‘Crazy Rich Asians’ turns rom-com cliches into an art form

“Crazy Rich Asians” doesn’t just embrace romantic-comedy cliches. It grabs those tropes by the waist and lifts them into the air, “Dirty Dancing”-style, before giving them a big, sloppy kiss on a crowded train platform in the rain.

Director Jon M. Chu’s (“Now You See Me 2”) adaptation of Kevin Kwan’s best-seller is nearly as in love with rom-com conventions as it is with romance itself. As a result, it’s relatively easy to spot who’s cheating on — and who used to sleep with — whom. But the script by Peter Chiarelli (“The Proposal”) and TV writer Adele Lim is so achingly earnest, so happy to simply exist, it doesn’t make the final product any less exuberant.

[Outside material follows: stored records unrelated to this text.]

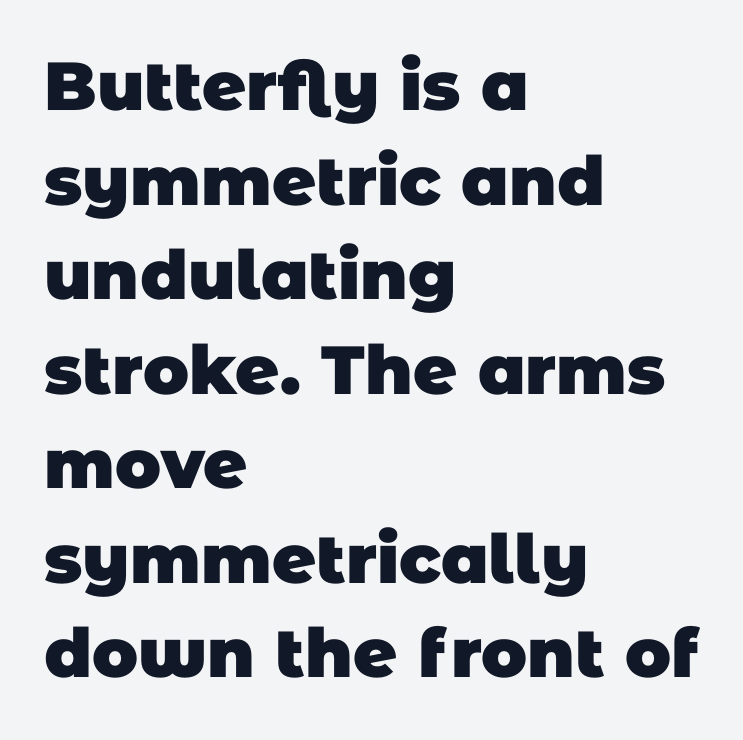
Q: Is the text bold? A: Yes.
Q: Is the typeface a serif or a sans-serif typeface? A: Sans-serif.
Q: Is the text underlined? A: No.
Q: How is the paragraph aligned? A: Left-aligned.
Q: Is the spacing between letters normal or unusually wide? A: Normal.
Q: Is the spacing between lines tight, normal or loose? A: Normal.
Q: Width (condensed, normal, or wide)? A: Normal.
Q: Stroke contrast? A: Low.
Q: x-height? A: Large.
Q: Monospaced? A: No.
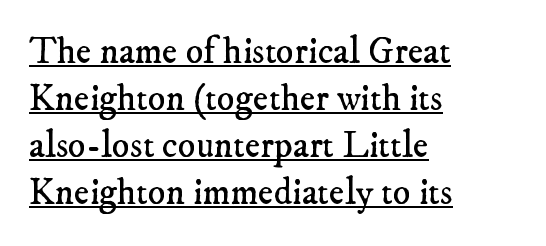
Q: Is the text bold? A: No.
Q: Is the typeface a serif or a sans-serif typeface? A: Serif.
Q: Is the text underlined? A: Yes.
Q: How is the paragraph aligned? A: Left-aligned.
Q: Is the spacing between letters normal or unusually wide? A: Normal.
Q: Is the spacing between lines tight, normal or loose? A: Normal.
Q: Width (condensed, normal, or wide)? A: Normal.
Q: Stroke contrast? A: Low.
Q: x-height? A: Small.
Q: Monospaced? A: No.
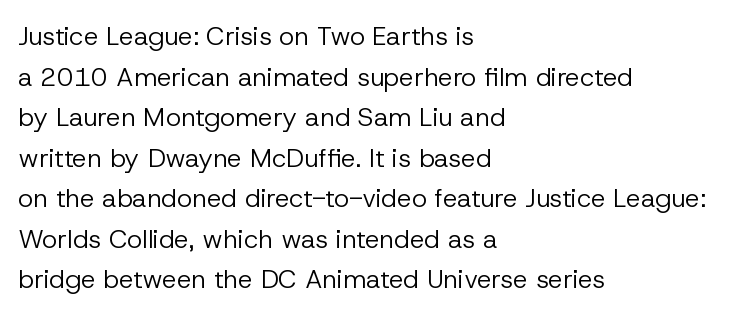
The zone under the glyphs is completely vacant. Letters have the restrained weight of plain body copy at most. Line beginnings align vertically; line endings do not. The gaps between neighbouring characters are ordinary and unremarkable.
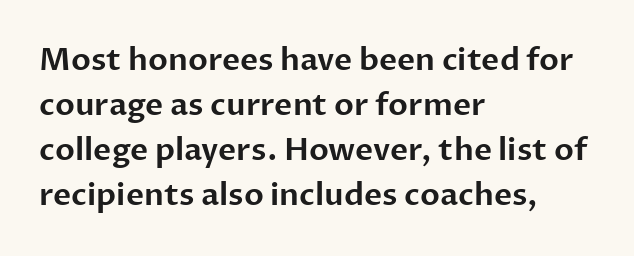
Q: Is the text italic (slanted)? A: No, it is upright.
Q: Is the typeface a serif or a sans-serif typeface? A: Sans-serif.
Q: Is the text underlined? A: No.
Q: How is the paragraph aligned? A: Left-aligned.
Q: Is the spacing between letters normal or unusually wide? A: Normal.
Q: Is the spacing between lines tight, normal or loose? A: Normal.
Q: Width (condensed, normal, or wide)? A: Normal.
Q: Stroke contrast? A: Low.
Q: x-height? A: Medium.
Q: Monospaced? A: No.
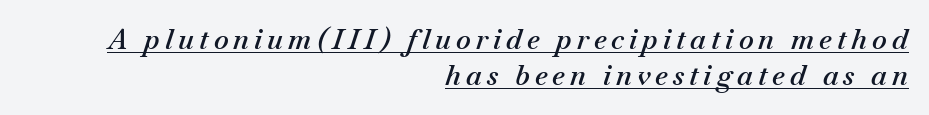
Q: Is the text bold? A: Semi-bold.
Q: Is the text italic (slanted)? A: Yes, it leans right by about 18 degrees.
Q: Is the text underlined? A: Yes.
Q: How is the paragraph aligned? A: Right-aligned.
Q: Is the spacing between lines tight, normal or loose? A: Normal.
Q: Width (condensed, normal, or wide)? A: Normal.
Q: Stroke contrast? A: Medium.
Q: x-height? A: Small.
Q: Monospaced? A: No.
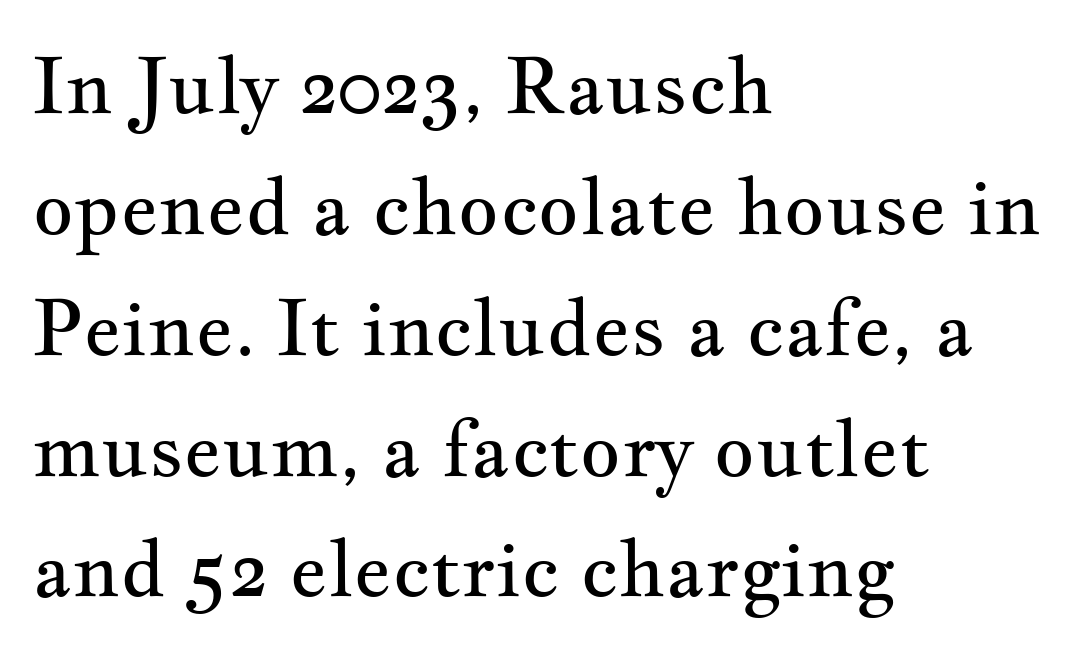
{"serif": "yes", "italic": "no", "bold": "no", "weight": "regular", "width": "wide", "stroke_contrast": "medium", "x_height": "small", "monospaced": "no", "underline": "no", "align": "left", "line_spacing": "normal", "line_spacing_ratio": 1.53, "letter_spacing": "normal", "letter_spacing_em": 0.0, "glyph_px": 79}
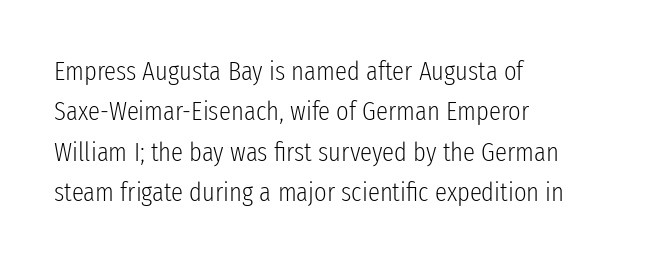
{"italic": "no", "bold": "no", "underline": "no", "align": "left", "line_spacing": "normal", "line_spacing_ratio": 1.5, "letter_spacing": "normal", "letter_spacing_em": 0.0, "glyph_px": 27}
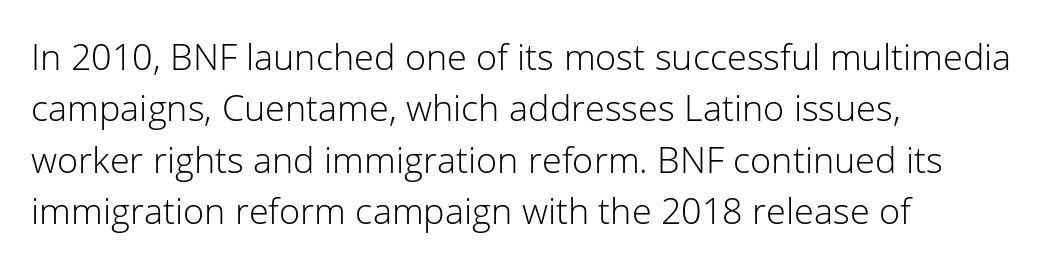
The image shows 36 px light sans-serif type, upright; set left-aligned, normal line spacing (1.43x), normal letter spacing, not underlined; low stroke contrast and a medium x-height.
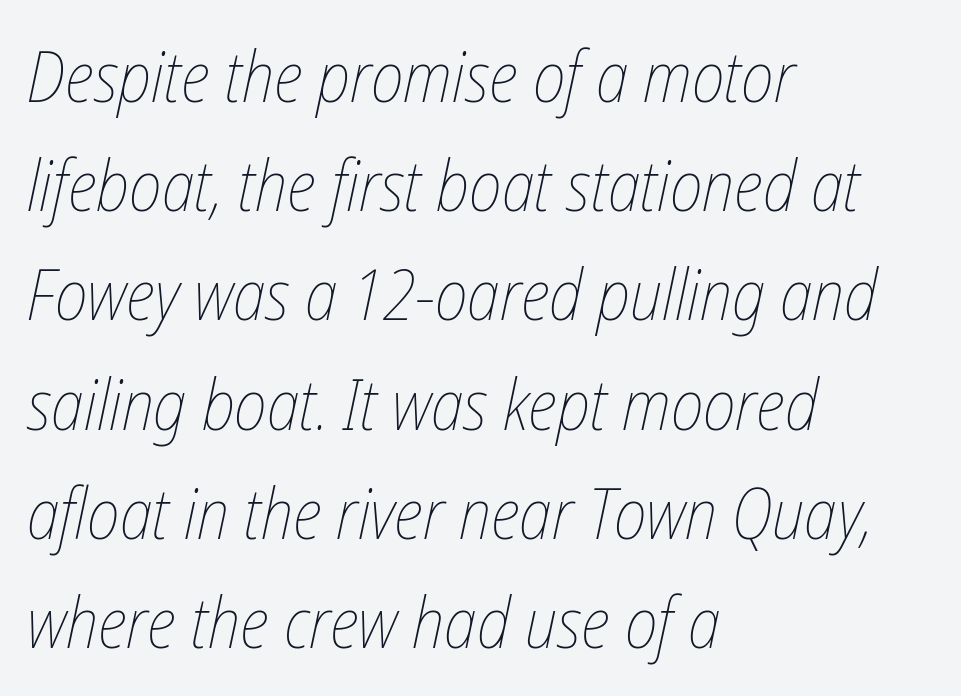
{"italic": "yes", "lean": "right", "slant_degrees": 12, "bold": "no", "weight": "thin", "width": "condensed", "stroke_contrast": "low", "x_height": "medium", "monospaced": "no", "underline": "no", "align": "left", "line_spacing": "normal", "line_spacing_ratio": 1.56, "letter_spacing": "normal", "letter_spacing_em": 0.0, "glyph_px": 70}
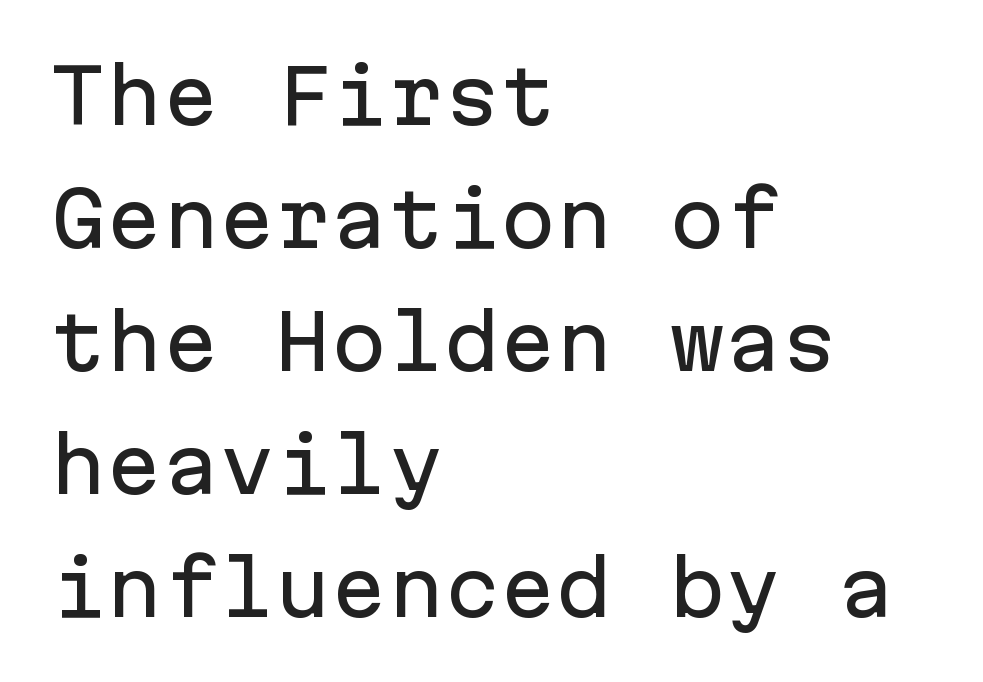
{"serif": "no", "italic": "no", "width": "normal", "stroke_contrast": "low", "x_height": "medium", "monospaced": "yes", "underline": "no", "align": "left", "line_spacing": "normal", "line_spacing_ratio": 1.64, "letter_spacing": "normal", "letter_spacing_em": 0.0, "glyph_px": 75}
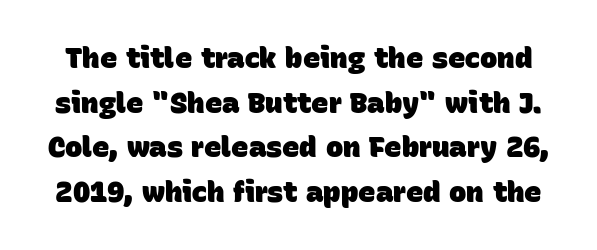
The image shows 29 px heavy sans-serif type; set normal line spacing (1.54x), normal letter spacing, not underlined; low stroke contrast and a large x-height.
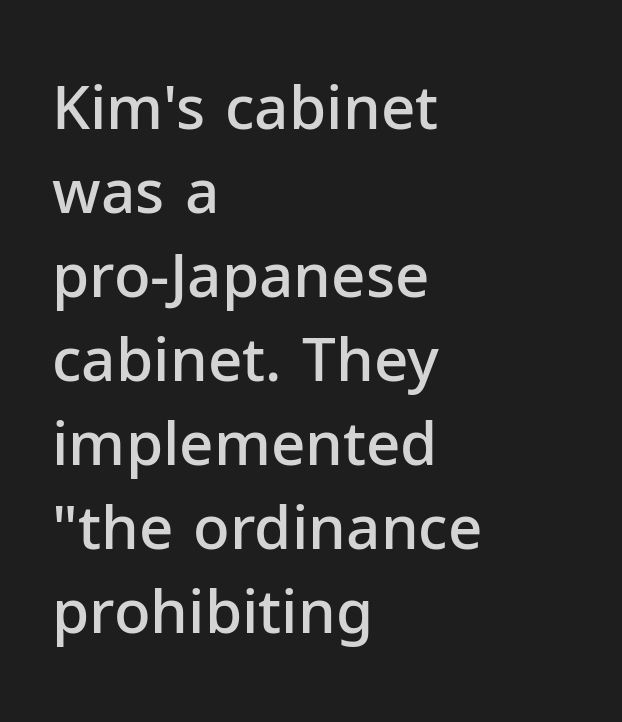
Q: Is the text bold? A: Semi-bold.
Q: Is the text italic (slanted)? A: No, it is upright.
Q: Is the typeface a serif or a sans-serif typeface? A: Sans-serif.
Q: Is the text underlined? A: No.
Q: How is the paragraph aligned? A: Left-aligned.
Q: Is the spacing between letters normal or unusually wide? A: Normal.
Q: Is the spacing between lines tight, normal or loose? A: Normal.
Q: Width (condensed, normal, or wide)? A: Normal.
Q: Stroke contrast? A: Low.
Q: x-height? A: Medium.
Q: Monospaced? A: No.
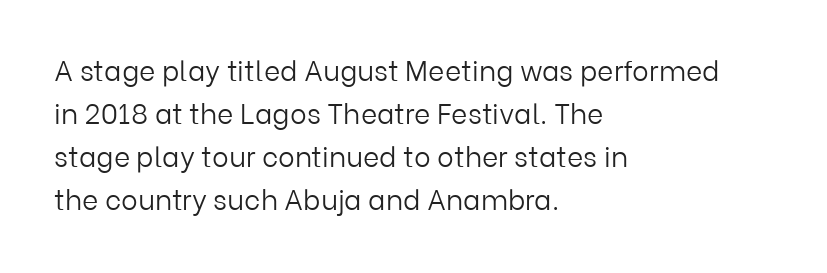
{"serif": "no", "italic": "no", "bold": "no", "weight": "light", "width": "normal", "stroke_contrast": "low", "x_height": "medium", "monospaced": "no", "underline": "no", "align": "left", "line_spacing": "normal", "line_spacing_ratio": 1.54, "letter_spacing": "normal", "letter_spacing_em": 0.0, "glyph_px": 28}
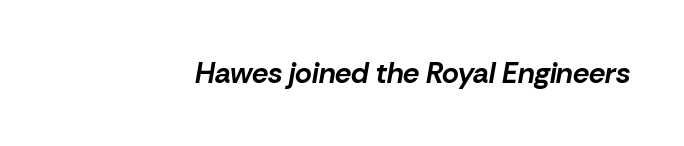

New Yorker Rachel Chu (Constance Wu, ABC’s “Fresh Off the Boat”) and her longtime boyfriend, Nick Young (Henry Golding), are headed to Nick’s home in Singapore for his best friend’s wedding. Along the way, Rachel learns Nick isn’t who she thought. The man of simple means who borrows her Netflix password is actually a member of one of the most prominent and decadently wealthy families in Asia. The wedding is Singapore’s $40 million social event of the century. And Nick’s mother, Eleanor (Michelle Yeoh), is destined to look down on her.

Sure, it’s more than a little strange that Rachel has been dating Nick for at least a year by the sound of things, yet she has no idea he’s famous or “crazy rich” — even though the one time we see them in public before the trip, he’s the subject of excited murmuring and frantic texts among nearby strangers. But that’s just one more of the film’s many contrivances you agree to go along with, more or less happily.

“Crazy Rich Asians” walks a delicate line between cultural significance and lightweight froth.

The first major Hollywood release with an all-Asian cast since 1993’s “The Joy Luck Club,” it’s a minor miracle that the movie even exists. And the fact that these actors are getting to do something as rote as attending out-of-control bachelor and bachelorette parties takes on an air of importance.

The disapproving mother is yet another staple of romantic comedies, but here the universal story becomes distinctly Chinese. The very traditional Eleanor gave up her promising career to be a wife and mother. Rachel, meanwhile, finds happiness in hers and doesn’t seem the type who’ll relinquish that to put Nick’s needs first. Rachel sees herself as Chinese — “I’m so Chinese, I’m an economics professor with lactose intolerance,” she says — but to Eleanor she’ll always be only Chinese-American.

If anything, though, “Crazy Rich Asians” feels less like “The Joy Luck Club” than it does another literary sensation. An outsider with a humble background who’s thrust into a world of unimaginable excess because of the man she loves? A movie filled with far more decadence than actual plot? It’s basically the “Fifty Shades” franchise without the S&M and those wooden performances.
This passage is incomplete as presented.